Updated on May 5, 2020
Maya Shedd Temple profile image

Poetry became my passion after I fell in love with Walter de la Mare's "Silver" in Mrs. Edna Pickett's sophomore English class circa 1962.

Edward de Vere, 17th Earl of Oxford

Source

Introduction and Text of Sonnet 43: "When most I wink, then do mine eyes best see"

In the Shakespearean sonnet 43, the creative speaker asserts that his dreaming vision which includes his poetic muse is always brighter than daylight. Even though he sees ordinary objects in daylight, they cannot hearten him as does his muse in dreams or darkness. The speaker's muse who leads him to his poetry creation remains the brightest star in his life. A nighttime of bright muse is worth much more any daytime of ordinary light.

Sonnet 43: "When most I wink, then do mine eyes best see"

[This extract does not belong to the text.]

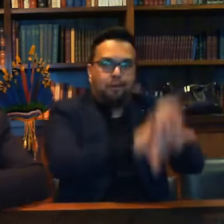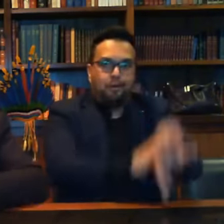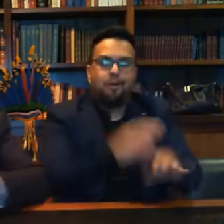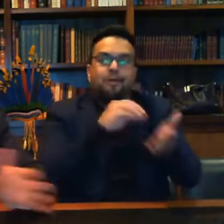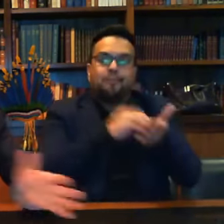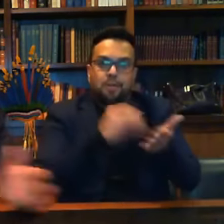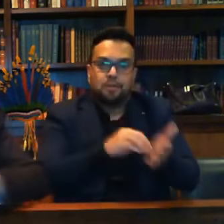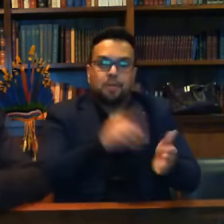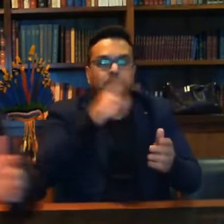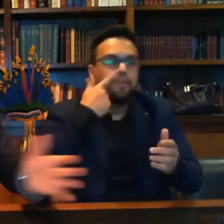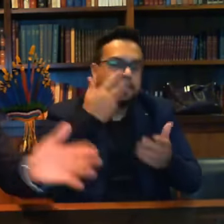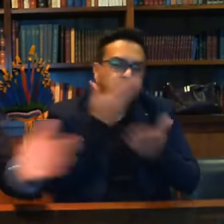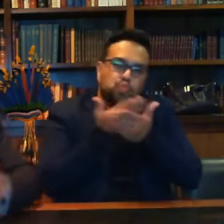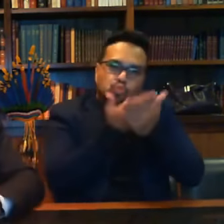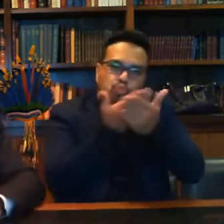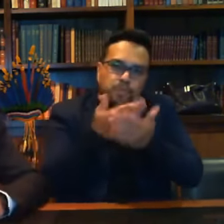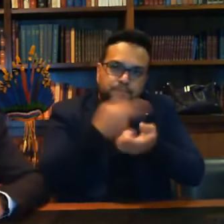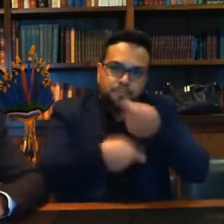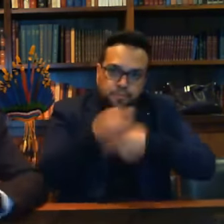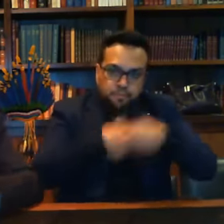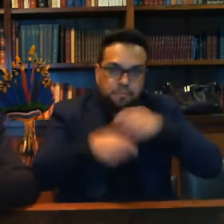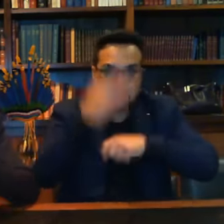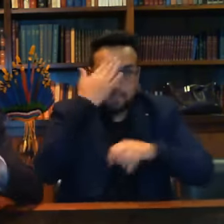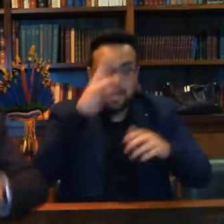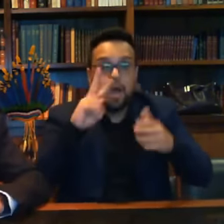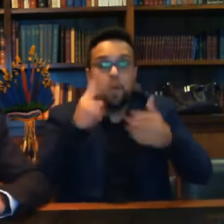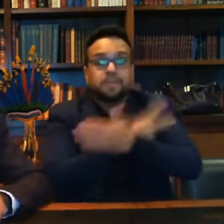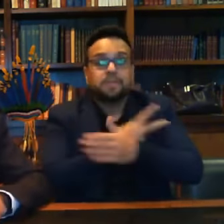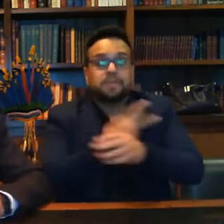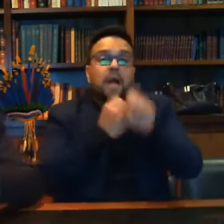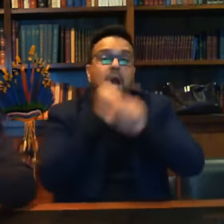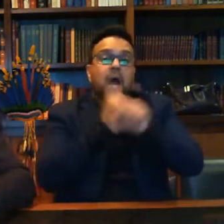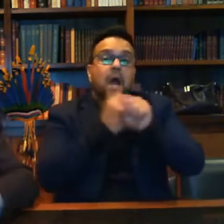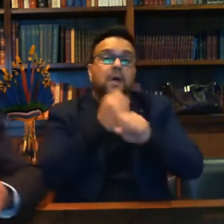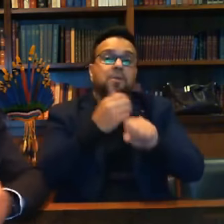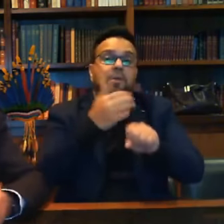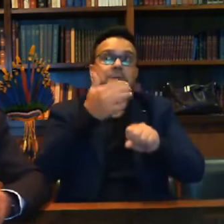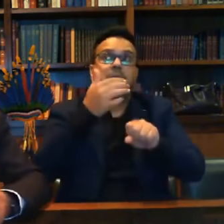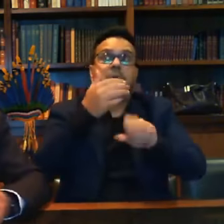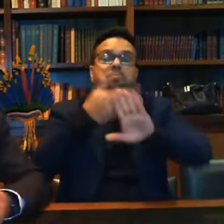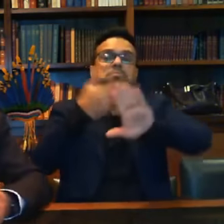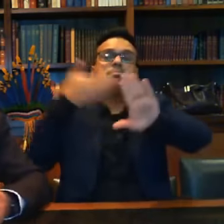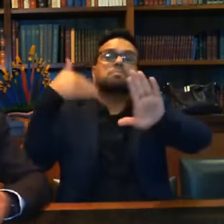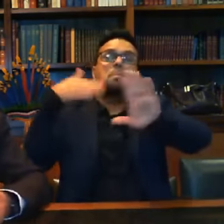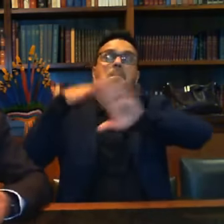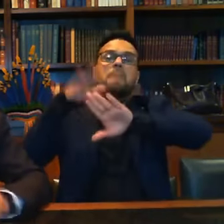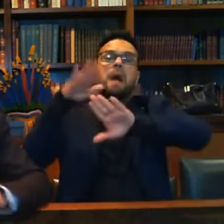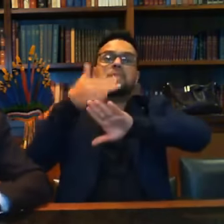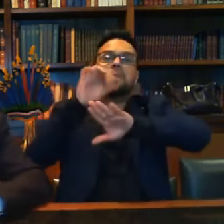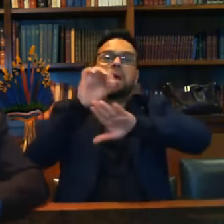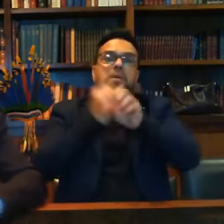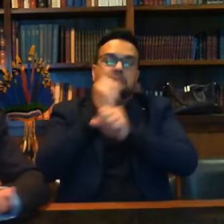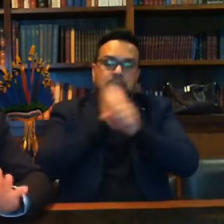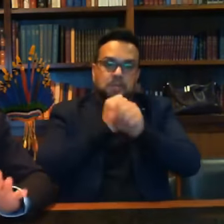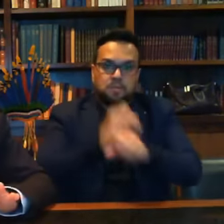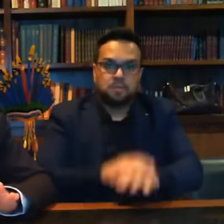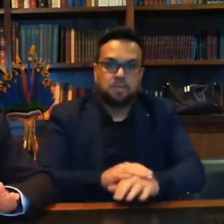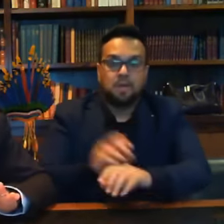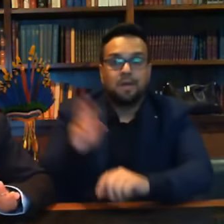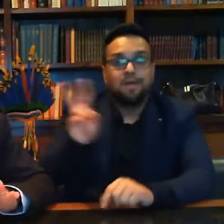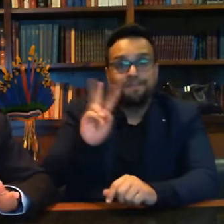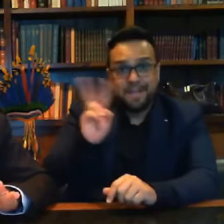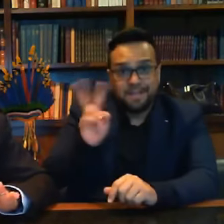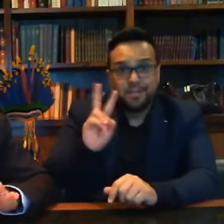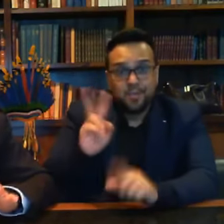livros de economia, o que aconteceu nas últimas décadas no Brasil, você vai chegar a essa conclusão. A Venezuela tomou esse caminho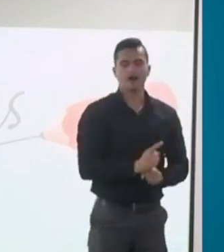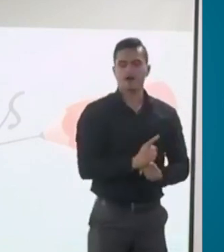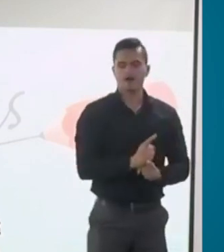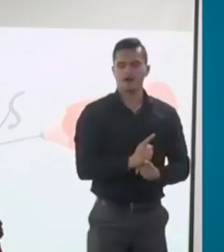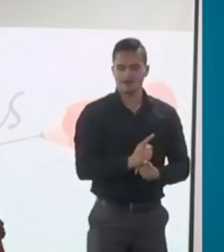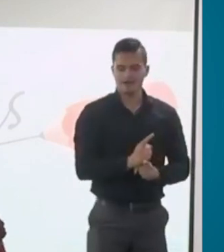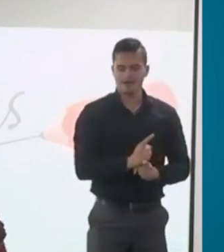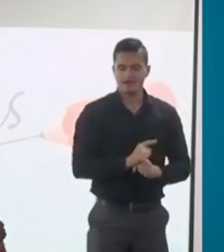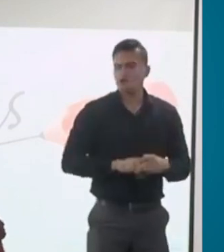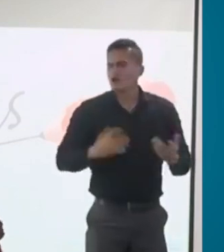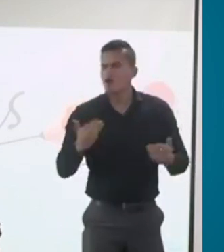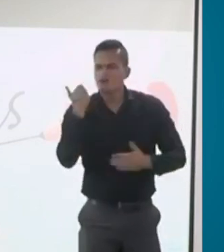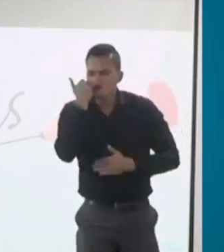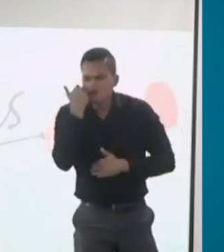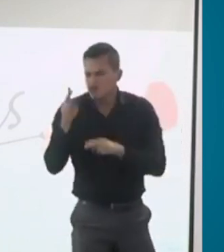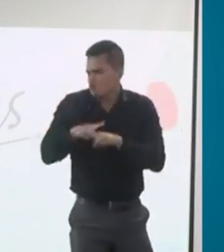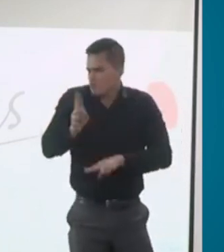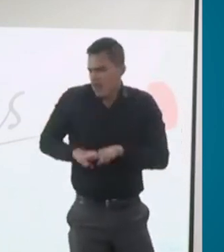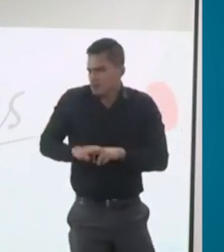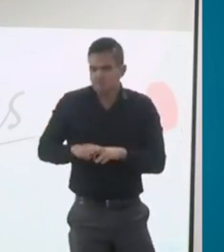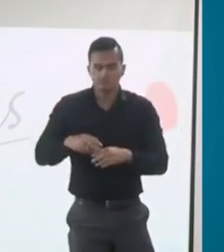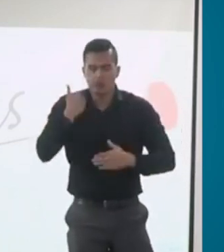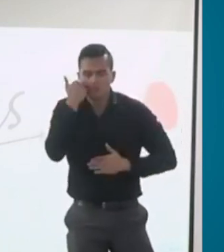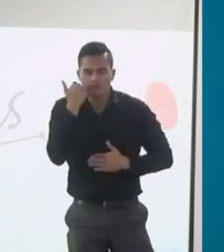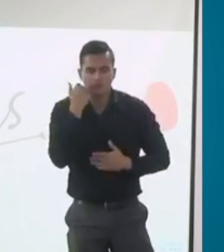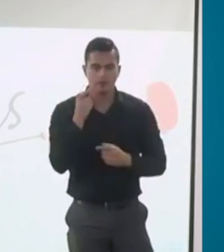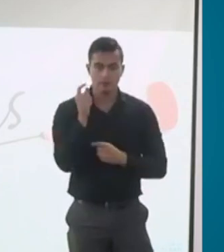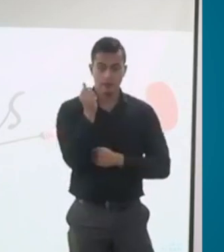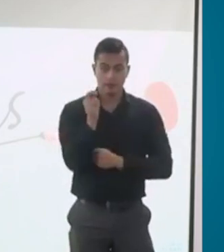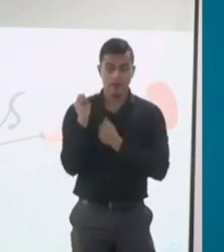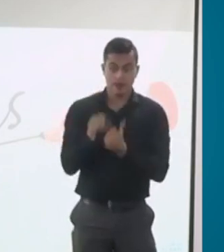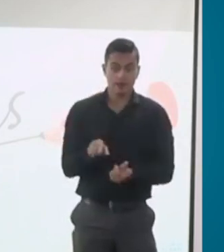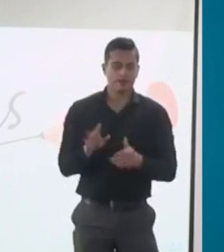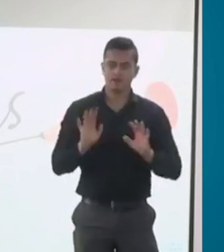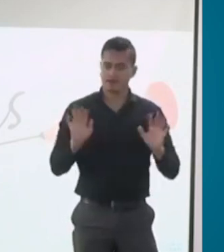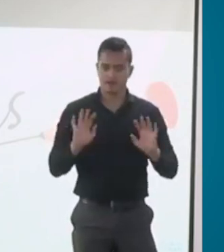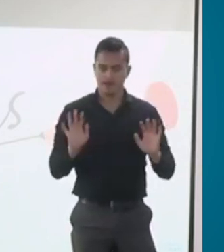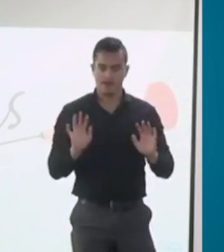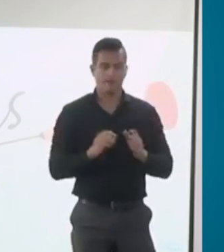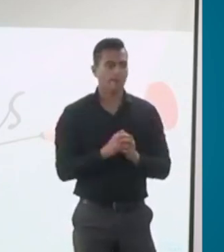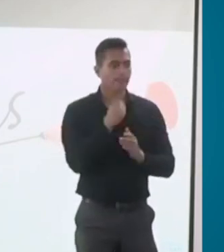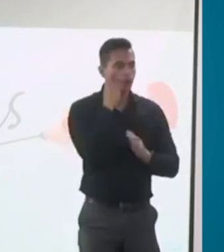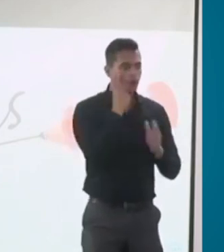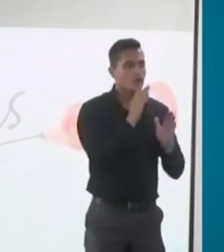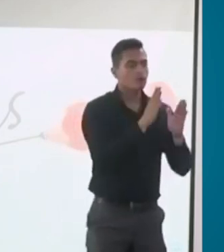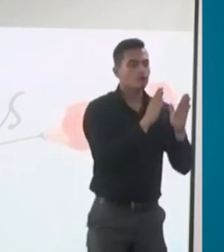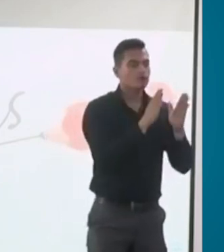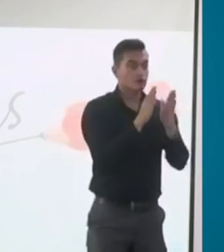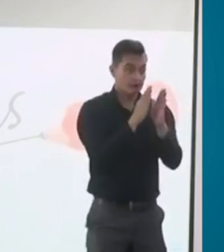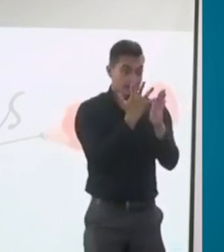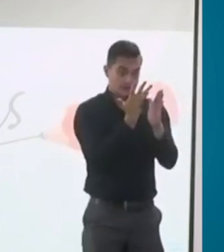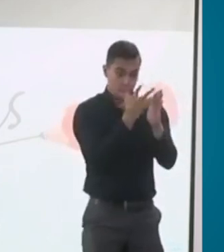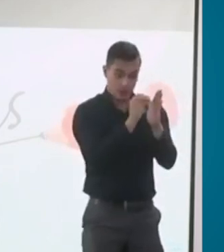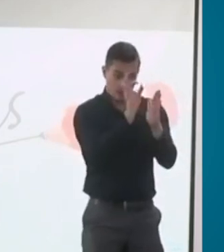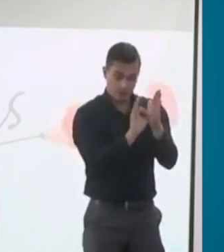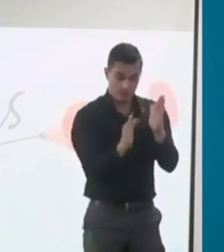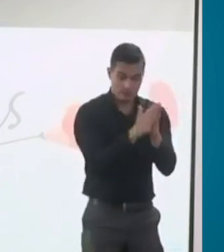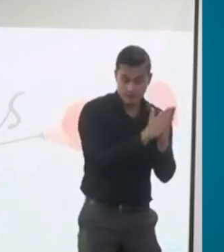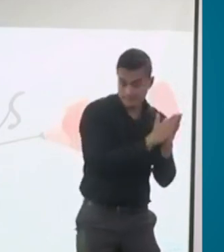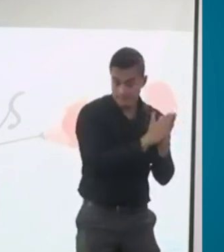de origen común no tienen derecho a indemnización en dinero. Mayor al 50% se llama… constituye

When most I wink, then do mine eyes best see
For all the day they view things unrespected;
But when I sleep, in dreams they look on thee,
And darkly bright, are bright in dark directed.
Then thou, whose shadow shadows doth make bright,
How would thy shadow’s form form happy show
To the clear day with thy much clearer light,
When to unseeing eyes thy shade shines so!
How would, I say, mine eyes be blessed made
By looking on thee in the living day,
When in dead night thy fair imperfect shade
Through heavy sleep on sightless eyes doth stay!
All days are nights to see till I see thee,
And nights bright days when dreams do show thee me.

Reading of Shakespeare Sonnet 43

Shakespeare Sonnet Titles


The Shakespeare Sonnet sequence does not feature titles for each sonnet; therefore, each sonnet's first line becomes the title. According to the MLA Style Manuel: "When the first line of a poem serves as the title of the poem, reproduce the line exactly as it appears in the text." APA does not address this issue.

Commentary

In sonnet 43, the speaker is musing on the transformative powers of his poetic muse. She can turn night into day, while ordinary vision fails to inspire.

First Quatrain: Seeing While Sleeping

When most I wink, then do mine eyes best see
For all the day they view things unrespected;
But when I sleep, in dreams they look on thee,
And darkly bright, are bright in dark directed.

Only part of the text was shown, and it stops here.